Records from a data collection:
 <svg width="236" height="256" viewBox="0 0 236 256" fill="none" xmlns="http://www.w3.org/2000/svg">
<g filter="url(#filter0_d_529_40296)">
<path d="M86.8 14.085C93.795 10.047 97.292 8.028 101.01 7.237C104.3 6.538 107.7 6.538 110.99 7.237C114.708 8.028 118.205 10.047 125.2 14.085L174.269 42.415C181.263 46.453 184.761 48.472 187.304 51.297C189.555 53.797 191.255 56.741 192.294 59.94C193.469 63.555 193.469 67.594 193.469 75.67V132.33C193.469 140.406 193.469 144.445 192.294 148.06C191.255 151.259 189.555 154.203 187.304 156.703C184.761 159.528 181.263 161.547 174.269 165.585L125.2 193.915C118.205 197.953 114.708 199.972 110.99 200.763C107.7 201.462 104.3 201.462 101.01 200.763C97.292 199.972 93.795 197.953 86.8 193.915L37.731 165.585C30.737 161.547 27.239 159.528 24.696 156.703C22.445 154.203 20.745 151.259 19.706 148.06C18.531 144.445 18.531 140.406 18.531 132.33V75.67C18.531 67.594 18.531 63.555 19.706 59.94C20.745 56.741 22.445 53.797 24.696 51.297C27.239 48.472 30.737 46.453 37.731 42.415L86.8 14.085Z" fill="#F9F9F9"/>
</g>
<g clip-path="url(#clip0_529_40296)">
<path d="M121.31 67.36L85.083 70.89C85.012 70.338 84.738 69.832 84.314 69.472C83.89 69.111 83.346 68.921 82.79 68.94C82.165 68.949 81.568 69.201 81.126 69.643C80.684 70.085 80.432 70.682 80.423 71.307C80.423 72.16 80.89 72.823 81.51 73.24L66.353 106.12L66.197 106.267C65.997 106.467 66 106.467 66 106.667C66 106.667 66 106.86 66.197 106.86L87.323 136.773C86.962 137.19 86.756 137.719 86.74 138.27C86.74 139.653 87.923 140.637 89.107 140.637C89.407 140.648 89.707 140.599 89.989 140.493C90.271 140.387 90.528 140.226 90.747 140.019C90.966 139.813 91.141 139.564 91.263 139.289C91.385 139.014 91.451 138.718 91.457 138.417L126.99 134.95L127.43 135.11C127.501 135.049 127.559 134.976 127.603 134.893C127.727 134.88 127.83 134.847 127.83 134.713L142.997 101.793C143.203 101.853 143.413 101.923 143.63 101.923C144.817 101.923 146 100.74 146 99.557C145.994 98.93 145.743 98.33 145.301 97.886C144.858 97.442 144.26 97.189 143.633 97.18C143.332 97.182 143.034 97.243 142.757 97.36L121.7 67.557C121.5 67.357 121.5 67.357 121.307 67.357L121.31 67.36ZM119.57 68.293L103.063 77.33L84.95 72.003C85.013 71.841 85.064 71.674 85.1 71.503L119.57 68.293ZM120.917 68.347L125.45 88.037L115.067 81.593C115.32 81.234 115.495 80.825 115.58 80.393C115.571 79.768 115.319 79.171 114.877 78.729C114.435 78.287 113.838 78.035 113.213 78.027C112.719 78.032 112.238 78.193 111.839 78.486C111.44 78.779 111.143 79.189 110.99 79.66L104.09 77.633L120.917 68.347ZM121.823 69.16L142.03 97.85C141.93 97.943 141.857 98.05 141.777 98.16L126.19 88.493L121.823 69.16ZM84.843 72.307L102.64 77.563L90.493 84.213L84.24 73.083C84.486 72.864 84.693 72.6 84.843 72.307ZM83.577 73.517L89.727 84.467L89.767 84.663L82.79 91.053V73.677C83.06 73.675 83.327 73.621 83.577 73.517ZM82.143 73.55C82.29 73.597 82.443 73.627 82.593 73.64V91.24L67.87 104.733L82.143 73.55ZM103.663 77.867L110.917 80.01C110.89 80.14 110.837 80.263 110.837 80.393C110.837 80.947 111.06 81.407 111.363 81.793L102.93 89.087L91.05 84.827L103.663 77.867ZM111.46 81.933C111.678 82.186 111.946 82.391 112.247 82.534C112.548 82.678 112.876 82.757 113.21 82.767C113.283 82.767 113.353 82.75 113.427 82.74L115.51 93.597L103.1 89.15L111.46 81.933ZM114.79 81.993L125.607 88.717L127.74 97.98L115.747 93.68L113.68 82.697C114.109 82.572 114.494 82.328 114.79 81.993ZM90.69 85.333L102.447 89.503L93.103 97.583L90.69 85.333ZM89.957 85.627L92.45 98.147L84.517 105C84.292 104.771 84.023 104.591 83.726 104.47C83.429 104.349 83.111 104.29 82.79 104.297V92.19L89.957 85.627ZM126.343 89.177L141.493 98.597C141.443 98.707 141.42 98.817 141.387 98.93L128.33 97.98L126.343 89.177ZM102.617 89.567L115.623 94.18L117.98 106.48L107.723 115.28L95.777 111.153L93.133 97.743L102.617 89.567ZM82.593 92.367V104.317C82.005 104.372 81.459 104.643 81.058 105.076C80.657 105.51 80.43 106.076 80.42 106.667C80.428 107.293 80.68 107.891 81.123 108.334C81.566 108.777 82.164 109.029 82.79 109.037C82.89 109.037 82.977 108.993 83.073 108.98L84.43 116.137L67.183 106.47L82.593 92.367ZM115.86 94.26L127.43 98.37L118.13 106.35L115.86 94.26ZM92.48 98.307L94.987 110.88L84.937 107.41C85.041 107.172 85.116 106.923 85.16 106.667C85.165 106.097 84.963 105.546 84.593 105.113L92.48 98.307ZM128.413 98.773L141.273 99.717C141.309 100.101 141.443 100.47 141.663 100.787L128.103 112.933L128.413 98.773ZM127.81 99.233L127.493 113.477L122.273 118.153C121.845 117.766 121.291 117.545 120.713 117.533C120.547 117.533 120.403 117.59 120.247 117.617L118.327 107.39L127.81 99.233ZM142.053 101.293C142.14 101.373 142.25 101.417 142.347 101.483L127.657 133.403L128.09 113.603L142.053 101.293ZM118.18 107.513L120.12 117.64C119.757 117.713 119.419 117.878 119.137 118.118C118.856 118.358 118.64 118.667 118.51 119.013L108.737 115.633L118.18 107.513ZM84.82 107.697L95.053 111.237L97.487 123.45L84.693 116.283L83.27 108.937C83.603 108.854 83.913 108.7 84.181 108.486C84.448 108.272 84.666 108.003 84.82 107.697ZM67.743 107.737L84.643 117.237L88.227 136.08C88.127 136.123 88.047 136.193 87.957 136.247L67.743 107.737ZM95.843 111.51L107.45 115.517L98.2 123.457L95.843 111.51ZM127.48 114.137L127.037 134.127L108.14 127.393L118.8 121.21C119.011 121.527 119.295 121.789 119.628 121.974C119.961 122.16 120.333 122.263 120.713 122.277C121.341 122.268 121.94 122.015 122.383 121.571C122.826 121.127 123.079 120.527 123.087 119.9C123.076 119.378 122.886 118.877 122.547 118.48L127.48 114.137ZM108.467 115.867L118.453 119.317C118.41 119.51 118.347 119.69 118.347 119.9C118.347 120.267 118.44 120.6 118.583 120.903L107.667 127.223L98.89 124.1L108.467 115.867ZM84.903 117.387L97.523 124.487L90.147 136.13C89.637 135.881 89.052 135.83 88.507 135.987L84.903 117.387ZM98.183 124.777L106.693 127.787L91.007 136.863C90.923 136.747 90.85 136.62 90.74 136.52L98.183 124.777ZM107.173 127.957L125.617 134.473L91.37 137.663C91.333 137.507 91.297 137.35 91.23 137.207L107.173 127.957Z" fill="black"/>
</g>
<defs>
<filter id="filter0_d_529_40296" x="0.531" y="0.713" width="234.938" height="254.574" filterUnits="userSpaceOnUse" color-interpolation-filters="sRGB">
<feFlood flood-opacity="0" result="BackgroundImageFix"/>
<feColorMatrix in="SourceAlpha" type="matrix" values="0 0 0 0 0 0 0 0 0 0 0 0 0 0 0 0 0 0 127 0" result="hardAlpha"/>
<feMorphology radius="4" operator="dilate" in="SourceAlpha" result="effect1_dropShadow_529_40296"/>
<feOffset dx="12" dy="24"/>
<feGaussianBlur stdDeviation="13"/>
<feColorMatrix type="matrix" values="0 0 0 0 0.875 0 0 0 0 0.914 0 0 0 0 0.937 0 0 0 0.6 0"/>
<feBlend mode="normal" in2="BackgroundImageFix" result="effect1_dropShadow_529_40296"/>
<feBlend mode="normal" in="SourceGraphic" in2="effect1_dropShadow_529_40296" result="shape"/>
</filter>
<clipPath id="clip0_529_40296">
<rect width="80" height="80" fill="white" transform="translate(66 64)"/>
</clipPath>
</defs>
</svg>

Activity:
Search the data for "height". Copy every line that has it.

Response box:
 <svg width="236" height="256" viewBox="0 0 236 256" fill="none" xmlns="http://www.w3.org/2000/svg">
<filter id="filter0_d_529_40296" x="0.531" y="0.713" width="234.938" height="254.574" filterUnits="userSpaceOnUse" color-interpolation-filters="sRGB">
<rect width="80" height="80" fill="white" transform="translate(66 64)"/>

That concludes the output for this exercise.